Ultimately, nurses play a vital role in assessing for early signs and existing manifestations of CIPN, providing CIPN education, and assisting patients with CIPN management. Nurses can advocate and suggest referrals to CIPN and co-occurring symptom management resources for patients. Finally, nurses can provide emotional support to individuals who are experiencing the scary, painful, isolating, and functionally debilitating manifestations of CIPN.

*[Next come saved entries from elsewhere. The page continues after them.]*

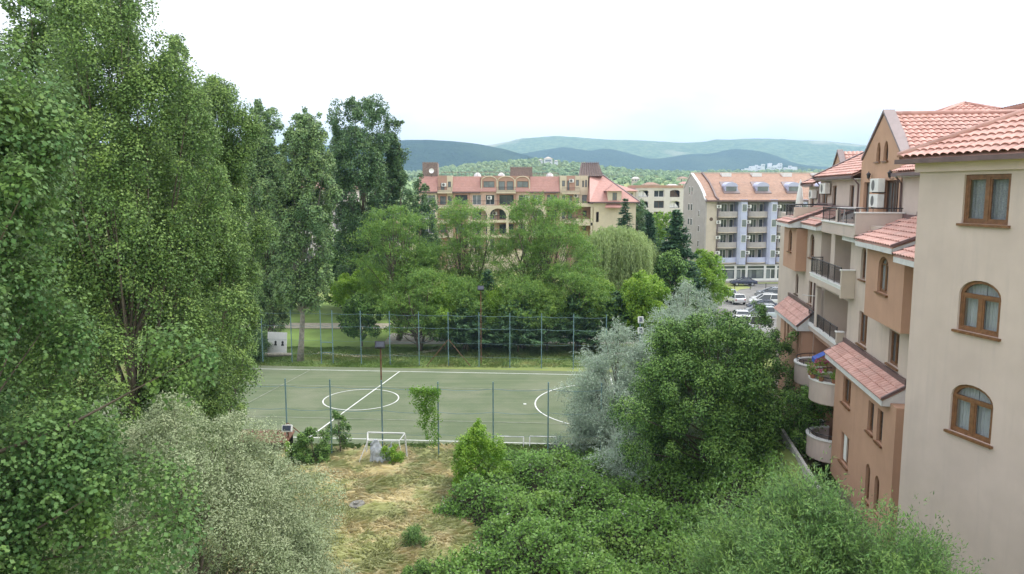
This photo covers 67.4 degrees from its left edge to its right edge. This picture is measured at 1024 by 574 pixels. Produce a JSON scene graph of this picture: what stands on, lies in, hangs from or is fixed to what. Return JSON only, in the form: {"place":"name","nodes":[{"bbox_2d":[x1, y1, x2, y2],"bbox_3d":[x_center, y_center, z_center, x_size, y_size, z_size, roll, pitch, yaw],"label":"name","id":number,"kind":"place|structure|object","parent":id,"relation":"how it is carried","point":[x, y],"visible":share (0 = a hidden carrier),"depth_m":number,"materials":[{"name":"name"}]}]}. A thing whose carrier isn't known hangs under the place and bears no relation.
{"place":"outdoors","nodes":[
{"label":"outdoors","id":0,"kind":"place"},
{"bbox_2d":[104,299,414,322],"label":"lawn","id":1,"kind":"structure","parent":0,"point":[325,310],"depth_m":102.02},
{"bbox_2d":[316,229,390,307],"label":"lawn tree","id":2,"kind":"object","parent":1,"relation":"on","point":[334,262],"visible":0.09,"depth_m":102.39,"materials":[{"name":"green plant"}]},
{"bbox_2d":[323,93,410,311],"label":"poplar tree","id":3,"kind":"object","parent":1,"relation":"on","point":[345,146],"visible":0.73,"depth_m":93.87,"materials":[{"name":"green plant"}]},
{"bbox_2d":[387,115,413,270],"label":"poplar tree","id":4,"kind":"object","parent":1,"relation":"on","point":[396,193],"visible":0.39,"depth_m":97.75,"materials":[{"name":"green plant"}]},
{"bbox_2d":[403,172,442,270],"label":"poplar tree","id":5,"kind":"object","parent":1,"relation":"on","point":[425,205],"visible":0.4,"depth_m":111.17,"materials":[{"name":"green plant"}]},
{"bbox_2d":[61,328,462,347],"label":"lawn","id":6,"kind":"structure","parent":0,"point":[340,338],"depth_m":85.61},
{"bbox_2d":[328,263,387,329],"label":"shade tree","id":7,"kind":"object","parent":6,"relation":"on","point":[346,279],"visible":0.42,"depth_m":89.42,"materials":[{"name":"green plant"}]},
{"bbox_2d":[335,291,382,345],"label":"lawn tree","id":8,"kind":"object","parent":6,"relation":"on","point":[355,304],"visible":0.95,"depth_m":80.82,"materials":[{"name":"green plant"}]},
{"bbox_2d":[336,202,464,340],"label":"locust tree","id":9,"kind":"object","parent":6,"relation":"on","point":[418,256],"visible":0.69,"depth_m":82.74,"materials":[{"name":"green plant"}]},
{"bbox_2d":[424,195,505,295],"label":"locust tree","id":10,"kind":"object","parent":6,"relation":"on","point":[467,234],"visible":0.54,"depth_m":84.86,"materials":[{"name":"green plant"}]},
{"bbox_2d":[146,323,411,328],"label":"path","id":11,"kind":"structure","parent":0,"point":[314,325],"depth_m":94.44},
{"bbox_2d":[168,441,494,573],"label":"dry grass","id":12,"kind":"structure","parent":0,"point":[397,498],"depth_m":39.20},
{"bbox_2d":[276,140,532,171],"bbox_3d":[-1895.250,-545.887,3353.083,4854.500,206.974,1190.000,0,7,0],"label":"hill","id":13,"kind":"structure","parent":0,"point":[446,153],"depth_m":3173.32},
{"bbox_2d":[0,171,846,573],"bbox_3d":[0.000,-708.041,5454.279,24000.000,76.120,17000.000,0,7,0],"label":"ground","id":14,"kind":"structure","parent":0,"point":[786,455],"depth_m":72.19,"materials":[{"name":"green plant"}]},
{"bbox_2d":[0,346,35,573],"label":"poplar tree","id":15,"kind":"object","parent":14,"relation":"on","point":[17,408],"visible":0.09,"depth_m":29.70,"materials":[{"name":"green plant"}]},
{"bbox_2d":[0,0,126,537],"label":"poplar tree","id":16,"kind":"object","parent":14,"relation":"on","point":[34,33],"visible":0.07,"depth_m":32.97,"materials":[{"name":"green plant"}]},
{"bbox_2d":[0,36,224,573],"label":"poplar tree","id":17,"kind":"object","parent":14,"relation":"on","point":[33,167],"visible":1,"depth_m":16.45,"materials":[{"name":"green plant"}]},
{"bbox_2d":[9,0,264,565],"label":"poplar tree","id":18,"kind":"object","parent":14,"relation":"on","point":[108,183],"visible":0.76,"depth_m":29.47,"materials":[{"name":"green plant"}]},
{"bbox_2d":[133,19,254,481],"bbox_3d":[-14.974,0.097,36.110,5.724,24.639,5.555,-2,8,-17],"label":"poplar tree","id":19,"kind":"object","parent":14,"relation":"on","point":[231,268],"visible":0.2,"depth_m":35.70,"materials":[{"name":"green plant"}]},
{"bbox_2d":[34,386,359,573],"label":"sage tree","id":20,"kind":"object","parent":14,"relation":"on","point":[289,542],"visible":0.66,"depth_m":24.00,"materials":[{"name":"green plant"}]},
{"bbox_2d":[161,72,281,480],"bbox_3d":[-15.242,0.379,40.356,5.845,23.017,5.364,0,7,0],"label":"poplar tree","id":21,"kind":"object","parent":14,"relation":"on","point":[235,155],"visible":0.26,"depth_m":39.45,"materials":[{"name":"green plant"}]},
{"bbox_2d":[210,429,294,457],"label":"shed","id":22,"kind":"structure","parent":14,"relation":"on","point":[290,439],"depth_m":47.93,"materials":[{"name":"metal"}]},
{"bbox_2d":[238,107,271,321],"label":"poplar tree","id":23,"kind":"object","parent":14,"relation":"on","point":[248,229],"visible":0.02,"depth_m":90.18,"materials":[{"name":"green plant"}]},
{"bbox_2d":[242,330,272,360],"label":"shrub","id":24,"kind":"object","parent":14,"relation":"on","point":[266,343],"visible":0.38,"depth_m":75.09,"materials":[{"name":"green plant"}]},
{"bbox_2d":[239,91,306,337],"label":"poplar tree","id":25,"kind":"object","parent":14,"relation":"on","point":[268,160],"visible":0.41,"depth_m":76.23,"materials":[{"name":"green plant"}]},
{"bbox_2d":[267,332,286,352],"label":"billboard","id":26,"kind":"object","parent":14,"relation":"on","point":[278,340],"visible":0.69,"depth_m":77.33,"materials":[{"name":"white paint"}]},
{"bbox_2d":[220,178,358,259],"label":"apartment building","id":27,"kind":"structure","parent":14,"relation":"on","point":[335,225],"depth_m":150.15,"materials":[{"name":"white paint"}]},
{"bbox_2d":[256,106,344,361],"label":"poplar tree","id":28,"kind":"object","parent":14,"relation":"on","point":[308,161],"visible":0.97,"depth_m":71.49,"materials":[{"name":"green plant"}]},
{"bbox_2d":[292,207,308,221],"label":"mistletoe","id":29,"kind":"object","parent":28,"relation":"attached to","point":[303,214],"visible":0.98,"depth_m":70.16,"materials":[{"name":"green plant"}]},
{"bbox_2d":[305,220,327,238],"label":"mistletoe","id":30,"kind":"object","parent":28,"relation":"attached to","point":[319,230],"visible":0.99,"depth_m":70.38,"materials":[{"name":"green plant"}]},
{"bbox_2d":[325,409,352,451],"bbox_3d":[-10.813,9.319,48.131,1.736,3.333,1.609,0,7,0],"label":"shrub","id":31,"kind":"object","parent":14,"relation":"on","point":[336,429],"visible":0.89,"depth_m":47.98,"materials":[{"name":"green plant"}]},
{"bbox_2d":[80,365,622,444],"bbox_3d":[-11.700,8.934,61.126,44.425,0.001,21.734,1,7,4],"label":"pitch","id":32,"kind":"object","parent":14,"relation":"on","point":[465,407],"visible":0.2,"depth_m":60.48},
{"bbox_2d":[93,346,635,367],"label":"lawn grass","id":33,"kind":"structure","parent":14,"relation":"on","point":[453,351],"depth_m":76.24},
{"bbox_2d":[232,378,601,454],"bbox_3d":[-7.568,8.221,47.366,26.058,5.100,0.553,1,7,4],"label":"pitch fence","id":34,"kind":"object","parent":14,"relation":"on","point":[382,410],"visible":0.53,"depth_m":46.98,"materials":[{"name":"teal metal"}]},
{"bbox_2d":[405,384,443,447],"bbox_3d":[-5.317,7.841,46.698,2.335,4.059,1.021,0,7,0],"label":"climbing vine","id":35,"kind":"object","parent":34,"relation":"attached to","point":[423,393],"visible":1,"depth_m":46.62,"materials":[{"name":"green plant"}]},
{"bbox_2d":[369,265,468,350],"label":"locust tree","id":36,"kind":"object","parent":14,"relation":"on","point":[410,302],"visible":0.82,"depth_m":77.93,"materials":[{"name":"green plant"}]},
{"bbox_2d":[258,310,606,368],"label":"pitch fence","id":37,"kind":"object","parent":14,"relation":"on","point":[418,327],"visible":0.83,"depth_m":72.54,"materials":[{"name":"teal metal"}]},
{"bbox_2d":[419,282,476,349],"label":"shade tree","id":38,"kind":"object","parent":14,"relation":"on","point":[448,307],"visible":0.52,"depth_m":77.99,"materials":[{"name":"green plant"}]},
{"bbox_2d":[414,273,502,349],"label":"locust tree","id":39,"kind":"object","parent":14,"relation":"on","point":[468,285],"visible":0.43,"depth_m":78.89,"materials":[{"name":"green plant"}]},
{"bbox_2d":[428,296,495,350],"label":"cedar tree","id":40,"kind":"object","parent":14,"relation":"on","point":[466,334],"visible":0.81,"depth_m":77.92,"materials":[{"name":"green plant"}]},
{"bbox_2d":[477,286,483,363],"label":"floodlight","id":41,"kind":"object","parent":14,"relation":"on","point":[480,288],"visible":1,"depth_m":72.73,"materials":[{"name":"metal"}]},
{"bbox_2d":[462,269,506,349],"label":"spruce tree","id":42,"kind":"object","parent":14,"relation":"on","point":[488,280],"visible":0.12,"depth_m":80.86,"materials":[{"name":"green plant"}]},
{"bbox_2d":[477,284,521,344],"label":"shade tree","id":43,"kind":"object","parent":14,"relation":"on","point":[492,303],"visible":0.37,"depth_m":79.20,"materials":[{"name":"green plant"}]},
{"bbox_2d":[478,299,557,350],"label":"cedar tree","id":44,"kind":"object","parent":14,"relation":"on","point":[517,337],"visible":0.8,"depth_m":77.44,"materials":[{"name":"green plant"}]},
{"bbox_2d":[359,175,688,224],"bbox_3d":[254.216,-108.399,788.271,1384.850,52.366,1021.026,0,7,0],"label":"woodland","id":45,"kind":"object","parent":14,"relation":"on","point":[625,179],"visible":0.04,"depth_m":934.70,"materials":[{"name":"green plant"}]},
{"bbox_2d":[482,271,569,348],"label":"locust tree","id":46,"kind":"object","parent":14,"relation":"on","point":[528,289],"visible":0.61,"depth_m":78.41,"materials":[{"name":"green plant"}]},
{"bbox_2d":[475,189,604,335],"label":"locust tree","id":47,"kind":"object","parent":14,"relation":"on","point":[537,259],"visible":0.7,"depth_m":83.68,"materials":[{"name":"green plant"}]},
{"bbox_2d":[523,289,576,349],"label":"shade tree","id":48,"kind":"object","parent":14,"relation":"on","point":[555,300],"visible":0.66,"depth_m":78.22,"materials":[{"name":"green plant"}]},
{"bbox_2d":[547,292,613,350],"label":"cedar tree","id":49,"kind":"object","parent":14,"relation":"on","point":[586,336],"visible":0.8,"depth_m":78.37,"materials":[{"name":"green plant"}]},
{"bbox_2d":[532,256,631,347],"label":"locust tree","id":50,"kind":"object","parent":14,"relation":"on","point":[587,292],"visible":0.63,"depth_m":78.81,"materials":[{"name":"green plant"}]},
{"bbox_2d":[569,277,616,345],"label":"shade tree","id":51,"kind":"object","parent":14,"relation":"on","point":[612,289],"visible":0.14,"depth_m":81.00,"materials":[{"name":"green plant"}]},
{"bbox_2d":[404,169,822,177],"bbox_3d":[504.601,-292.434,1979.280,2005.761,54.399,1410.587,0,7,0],"label":"woodland","id":52,"kind":"object","parent":14,"relation":"on","point":[619,175],"visible":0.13,"depth_m":1918.97,"materials":[{"name":"green plant"}]},
{"bbox_2d":[587,290,641,344],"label":"cedar tree","id":53,"kind":"object","parent":14,"relation":"on","point":[619,299],"visible":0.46,"depth_m":78.87,"materials":[{"name":"green plant"}]},
{"bbox_2d":[572,224,657,299],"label":"willow tree","id":54,"kind":"object","parent":14,"relation":"on","point":[629,251],"visible":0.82,"depth_m":88.83,"materials":[{"name":"green plant"}]},
{"bbox_2d":[544,315,693,453],"bbox_3d":[6.876,6.557,47.832,9.938,9.516,8.590,0,7,0],"label":"oleaster tree","id":55,"kind":"object","parent":14,"relation":"on","point":[587,426],"visible":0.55,"depth_m":47.48,"materials":[{"name":"green plant"}]},
{"bbox_2d":[425,423,814,573],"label":"bramble thicket","id":56,"kind":"object","parent":14,"relation":"on","point":[564,510],"visible":0.68,"depth_m":35.93,"materials":[{"name":"plant"}]},
{"bbox_2d":[578,423,665,485],"bbox_3d":[6.455,9.483,43.005,5.374,4.353,5.936,4,8,30],"label":"oleaster tree","id":57,"kind":"object","parent":14,"relation":"on","point":[613,451],"visible":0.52,"depth_m":42.40,"materials":[{"name":"green plant"}]},
{"bbox_2d":[616,198,634,228],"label":"spruce tree","id":58,"kind":"object","parent":14,"relation":"on","point":[624,219],"visible":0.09,"depth_m":127.16,"materials":[{"name":"green plant"}]},
{"bbox_2d":[616,269,672,345],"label":"maple tree","id":59,"kind":"object","parent":14,"relation":"on","point":[645,289],"visible":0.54,"depth_m":77.38,"materials":[{"name":"green plant"}]},
{"bbox_2d":[636,199,660,244],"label":"birch tree","id":60,"kind":"object","parent":14,"relation":"on","point":[640,208],"visible":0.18,"depth_m":163.50,"materials":[{"name":"green plant"}]},
{"bbox_2d":[643,212,658,247],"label":"cypress tree","id":61,"kind":"object","parent":14,"relation":"on","point":[649,218],"visible":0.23,"depth_m":137.27,"materials":[{"name":"green plant"}]},
{"bbox_2d":[627,185,683,240],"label":"apartment building","id":62,"kind":"structure","parent":14,"relation":"on","point":[662,198],"depth_m":212.81,"materials":[{"name":"white paint"}]},
{"bbox_2d":[652,210,682,249],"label":"maple tree","id":63,"kind":"object","parent":14,"relation":"on","point":[661,224],"visible":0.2,"depth_m":169.34,"materials":[{"name":"green plant"}]},
{"bbox_2d":[640,209,715,312],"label":"spruce tree","id":64,"kind":"object","parent":14,"relation":"on","point":[673,228],"visible":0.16,"depth_m":94.32,"materials":[{"name":"green plant"}]},
{"bbox_2d":[652,248,706,315],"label":"maple tree","id":65,"kind":"object","parent":14,"relation":"on","point":[669,263],"visible":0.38,"depth_m":91.55,"materials":[{"name":"green plant"}]},
{"bbox_2d":[630,279,730,444],"bbox_3d":[11.433,4.780,51.053,8.036,11.472,8.713,0,7,0],"label":"oleaster tree","id":66,"kind":"object","parent":14,"relation":"on","point":[681,314],"visible":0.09,"depth_m":50.30,"materials":[{"name":"green plant"}]},
{"bbox_2d":[630,284,777,363],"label":"car park","id":67,"kind":"structure","parent":14,"relation":"on","point":[747,293],"depth_m":113.82,"materials":[{"name":"asphalt"}]},
{"bbox_2d":[725,293,745,304],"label":"parked car","id":68,"kind":"object","parent":67,"relation":"on","point":[738,298],"visible":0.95,"depth_m":111.34,"materials":[{"name":"white paint"}]},
{"bbox_2d":[729,277,757,285],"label":"parked car","id":69,"kind":"object","parent":67,"relation":"on","point":[744,280],"visible":0.94,"depth_m":133.31,"materials":[{"name":"blue paint"}]},
{"bbox_2d":[732,314,767,330],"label":"parked car","id":70,"kind":"object","parent":67,"relation":"on","point":[739,315],"visible":0.13,"depth_m":85.11,"materials":[{"name":"white paint"}]},
{"bbox_2d":[747,305,776,317],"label":"parked car","id":71,"kind":"object","parent":67,"relation":"on","point":[771,312],"visible":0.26,"depth_m":97.79,"materials":[{"name":"paint"}]},
{"bbox_2d":[748,293,777,302],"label":"parked car","id":72,"kind":"object","parent":67,"relation":"on","point":[773,297],"visible":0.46,"depth_m":109.52,"materials":[{"name":"white paint"}]},
{"bbox_2d":[691,248,734,307],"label":"maple tree","id":73,"kind":"object","parent":14,"relation":"on","point":[705,263],"visible":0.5,"depth_m":103.26,"materials":[{"name":"green plant"}]},
{"bbox_2d":[605,307,833,498],"bbox_3d":[11.444,6.543,41.029,12.078,10.896,9.534,2,8,18],"label":"plum tree","id":74,"kind":"object","parent":14,"relation":"on","point":[661,413],"visible":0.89,"depth_m":39.02,"materials":[{"name":"green plant"}]},
{"bbox_2d":[716,538,777,573],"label":"ash tree","id":75,"kind":"object","parent":14,"relation":"on","point":[752,571],"visible":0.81,"depth_m":16.75,"materials":[{"name":"green plant"}]},
{"bbox_2d":[702,299,798,415],"bbox_3d":[13.893,5.687,43.962,5.962,9.948,7.254,7,10,44],"label":"plum tree","id":76,"kind":"object","parent":14,"relation":"on","point":[760,311],"visible":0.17,"depth_m":44.19,"materials":[{"name":"green plant"}]},
{"bbox_2d":[650,445,932,573],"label":"ash tree","id":77,"kind":"object","parent":14,"relation":"on","point":[795,504],"visible":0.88,"depth_m":17.51,"materials":[{"name":"green plant"}]},
{"bbox_2d":[770,409,867,568],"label":"wall","id":78,"kind":"structure","parent":14,"relation":"on","point":[793,450],"depth_m":37.24,"materials":[{"name":"concrete"}]},
{"bbox_2d":[758,491,994,573],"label":"ash tree","id":79,"kind":"object","parent":14,"relation":"on","point":[909,559],"visible":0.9,"depth_m":16.16,"materials":[{"name":"green plant"}]},
{"bbox_2d":[773,101,1023,552],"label":"apartment building","id":80,"kind":"structure","parent":14,"relation":"on","point":[844,300],"depth_m":34.58,"materials":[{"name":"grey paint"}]},
{"bbox_2d":[795,179,802,205],"bbox_3d":[19.198,-6.033,51.187,0.524,2.250,0.532,0,7,0],"label":"parasol","id":81,"kind":"object","parent":80,"relation":"on","point":[799,198],"visible":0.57,"depth_m":51.03,"materials":[{"name":"fabric"}]},
{"bbox_2d":[855,312,867,349],"bbox_3d":[15.406,1.874,33.647,0.260,1.520,1.380,1,7,9],"label":"window","id":82,"kind":"structure","parent":80,"relation":"in","point":[864,319],"depth_m":33.91,"materials":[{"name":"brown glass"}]},
{"bbox_2d":[884,330,899,370],"bbox_3d":[14.798,2.420,29.706,0.260,1.420,1.330,1,7,9],"label":"window","id":83,"kind":"structure","parent":80,"relation":"in","point":[895,336],"depth_m":29.92,"materials":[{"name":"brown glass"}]},
{"bbox_2d":[886,180,898,211],"bbox_3d":[17.126,-3.807,34.375,0.074,1.930,1.950,1,7,9],"label":"terrace door","id":84,"kind":"structure","parent":80,"relation":"in","point":[893,185],"depth_m":34.60,"materials":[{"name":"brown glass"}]},
{"bbox_2d":[894,108,1023,573],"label":"apartment building","id":85,"kind":"structure","parent":14,"relation":"on","point":[962,456],"depth_m":20.75,"materials":[{"name":"beige paint"}]},
{"bbox_2d":[943,384,992,448],"bbox_3d":[12.528,3.386,20.747,0.510,1.500,1.570,-2,7,-14],"label":"window","id":86,"kind":"structure","parent":85,"relation":"in","point":[975,417],"depth_m":20.79,"materials":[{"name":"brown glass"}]},
{"bbox_2d":[951,281,1000,341],"bbox_3d":[12.528,0.568,20.393,0.510,1.480,1.530,-2,7,-14],"label":"window","id":87,"kind":"structure","parent":85,"relation":"in","point":[984,300],"depth_m":20.43,"materials":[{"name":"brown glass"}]},
{"bbox_2d":[956,174,1011,227],"bbox_3d":[12.450,-2.258,20.065,0.372,1.370,1.640,-2,7,-14],"label":"window","id":88,"kind":"structure","parent":85,"relation":"in","point":[991,192],"depth_m":20.08,"materials":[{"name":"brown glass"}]},
{"bbox_2d":[385,333,635,343],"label":"paving","id":89,"kind":"structure","parent":0,"point":[395,341],"depth_m":84.45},
{"bbox_2d":[0,0,1023,144],"label":"sky","id":90,"kind":"structure","parent":0,"point":[483,72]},
{"bbox_2d":[419,162,640,270],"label":"hotel building","id":91,"kind":"structure","parent":0,"point":[599,193],"depth_m":158.95,"materials":[{"name":"paint"}]},
{"bbox_2d":[499,195,513,204],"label":"window","id":92,"kind":"structure","parent":91,"relation":"in","point":[502,198],"depth_m":159.37,"materials":[{"name":"grey glass"}]},
{"bbox_2d":[409,162,687,178],"bbox_3d":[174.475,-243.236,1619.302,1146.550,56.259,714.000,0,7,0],"label":"hill","id":93,"kind":"structure","parent":0,"point":[559,165],"depth_m":1450.35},
{"bbox_2d":[407,157,693,176],"bbox_3d":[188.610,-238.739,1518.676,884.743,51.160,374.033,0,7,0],"label":"woodland","id":94,"kind":"object","parent":93,"relation":"on","point":[564,170],"visible":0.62,"depth_m":1493.79,"materials":[{"name":"green plant"}]},
{"bbox_2d":[523,147,828,171],"bbox_3d":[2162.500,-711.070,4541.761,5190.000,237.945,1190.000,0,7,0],"label":"hill","id":95,"kind":"structure","parent":0,"point":[732,159],"depth_m":4387.88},
{"bbox_2d":[486,136,866,166],"bbox_3d":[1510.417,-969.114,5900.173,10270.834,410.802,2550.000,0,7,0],"label":"hill","id":96,"kind":"structure","parent":0,"point":[813,153],"depth_m":5651.05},
{"bbox_2d":[682,172,820,282],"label":"apartment building","id":97,"kind":"structure","parent":0,"point":[730,217],"depth_m":138.62,"materials":[{"name":"beige paint"}]},
{"bbox_2d":[719,249,731,257],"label":"balcony door","id":98,"kind":"structure","parent":97,"relation":"in","point":[722,251],"depth_m":139.35,"materials":[{"name":"white paint"}]},
{"bbox_2d":[717,265,746,280],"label":"shop window","id":99,"kind":"structure","parent":97,"relation":"in","point":[733,272],"depth_m":138.40,"materials":[{"name":"glass"}]},
{"bbox_2d":[746,265,775,280],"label":"shop window","id":100,"kind":"structure","parent":97,"relation":"in","point":[755,272],"depth_m":138.80,"materials":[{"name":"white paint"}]},
{"label":"meadow","id":101,"kind":"structure","parent":0,"visible":0},
{"bbox_2d":[264,422,299,445],"bbox_3d":[-14.252,9.517,47.430,3.239,2.272,0.429,0,7,0],"label":"floodlight","id":102,"kind":"object","parent":101,"relation":"on","point":[288,428],"visible":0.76,"depth_m":47.21,"materials":[{"name":"metal"}]},
{"bbox_2d":[290,426,332,464],"bbox_3d":[-11.953,9.750,46.433,2.772,2.902,2.637,0,7,0],"label":"shrub","id":103,"kind":"object","parent":101,"relation":"on","point":[322,449],"visible":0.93,"depth_m":46.00,"materials":[{"name":"green plant"}]},
{"bbox_2d":[349,500,364,508],"bbox_3d":[-8.069,11.396,40.013,0.840,0.440,0.819,-5,13,1],"label":"concrete lid","id":104,"kind":"object","parent":101,"relation":"on","point":[355,503],"visible":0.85,"depth_m":39.89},
{"bbox_2d":[375,341,385,426],"bbox_3d":[-8.050,6.954,47.291,0.620,7.392,0.394,0,7,0],"label":"floodlight","id":105,"kind":"object","parent":101,"relation":"on","point":[380,345],"visible":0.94,"depth_m":46.83,"materials":[{"name":"metal"}]},
{"bbox_2d":[359,432,407,462],"bbox_3d":[-7.814,9.882,46.504,2.963,1.808,1.494,1,7,4],"label":"goal","id":106,"kind":"object","parent":101,"relation":"on","point":[375,448],"visible":0.72,"depth_m":46.26,"materials":[{"name":"white paint"}]},
{"bbox_2d":[379,444,405,462],"bbox_3d":[-7.070,10.280,45.964,1.380,1.968,1.447,6,9,41],"label":"shrub","id":107,"kind":"object","parent":101,"relation":"on","point":[392,453],"visible":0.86,"depth_m":45.71,"materials":[{"name":"green plant"}]},
{"bbox_2d":[401,557,431,573],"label":"shrub","id":108,"kind":"object","parent":101,"relation":"on","point":[420,567],"visible":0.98,"depth_m":32.21,"materials":[{"name":"green plant"}]},
{"bbox_2d":[401,523,435,547],"bbox_3d":[-4.288,11.695,35.392,1.794,1.803,1.504,0,7,0],"label":"shrub","id":109,"kind":"object","parent":101,"relation":"on","point":[413,533],"visible":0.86,"depth_m":35.11,"materials":[{"name":"green plant"}]},
{"bbox_2d":[256,441,614,467],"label":"green grass","id":110,"kind":"structure","parent":101,"relation":"on","point":[424,444],"depth_m":49.30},
{"bbox_2d":[449,418,513,487],"bbox_3d":[-1.852,9.443,41.887,3.586,4.648,3.703,5,9,33],"label":"shrub","id":111,"kind":"object","parent":101,"relation":"on","point":[469,455],"visible":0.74,"depth_m":41.23,"materials":[{"name":"green plant"}]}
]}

Future directions in research

Further research is needed to explore the specific mechanisms and predictors of chronic painful CIPN and to evaluate interventions to prevent and treat each type of CIPN. Several classes of neurotoxic agents may induce CIPN through varying mechanisms; thus, the intervention must be tailored to the type of CIPN. Many of the more than 75 trials that have tested CIPN interventions were limited by poor CIPN measurement and lack of intervention specificity to the type of CIPN studied. Most importantly, few studies have focused specifically on interventions for chronic painful CIPN. Additional studies of nonpharmacologic interventions and preclinical studies of pharmacologic agents and supplements are needed to inform larger and more rigorous clinical research testing mechanism-specific interventions for chronic painful CIPN.